The news was all bad: a 27-year old woman killed in her car by a missile- firing helicopter near the Jiye power station, south of Beirut; a civilian killed in an air raid in the inland town of Nabatea; a 60-year-old man cut down by the Beirut rockets. The raids were in retaliation, said the bulletins, for the Katyusha attacks on Israel, which were retaliation for the killing of a 14-year-old Lebanese boy, which might have been retaliation for a suicide bombing against Israeli troops, which was retaliation for ... It was like listening to The House that Jack Built.

When I called an old friend on his mobile telephone in the southern city of Tyre, he just had time to tell me that Israeli Apache and Huey helicopters were hovering over the city. "They're mounting mobile checkpoints in the air," he said. "They're watching everything that moves." Then the line went dead. The lines went dead all over Lebanon, just like the peace of Beirut that expired yesterday morning. By early afternoon, it was turning into a ghost city, its streets largely deserted, its restaurants empty.

When I drove into the southern suburbs at dusk, the only men standing on the street corners were armed. The Hizbollah's green-painted central offices - supposedly the "nerve-centre" which the Israelis said they had attacked - stood apparently unharmed. But in a dingy office where a Donald Duck cartoon was playing on a miniature television, a bearded man close to the Hizbollah announced quietly to me that the Israelis had crossed a red line. When the Israelis killed civilians, the Hizbollah fired back into Israel. He blamed the Israelis for the death of a boy in Bradchit village at the weekend.

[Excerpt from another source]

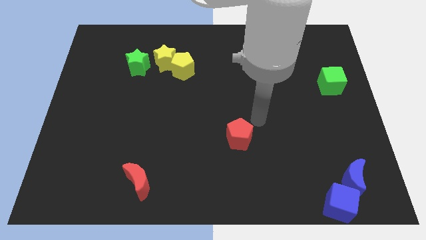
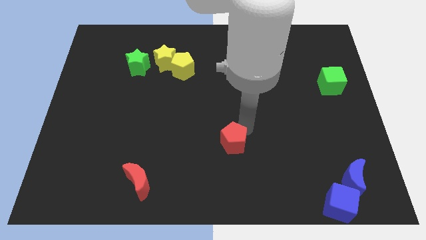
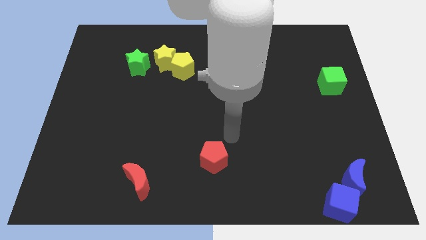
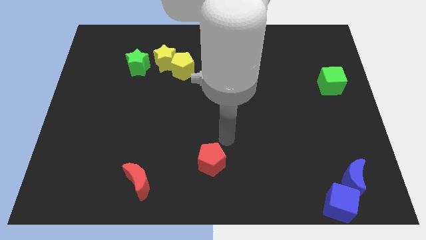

"But there is a balance of terror now," he went on. "The Israelis used to hold the balance. Now it is shifting to the resistance. Hitting civilians is crossing a red line for our resistance forces. This has nothing to do with targeting military headquarters.

"I tell you this: the hand of the resistance is long and is capable of hurting the enemy. We have an expression here - that we and the Israelis are biting each other's fingers. The biting of fingers has begun and we shall see who screams first."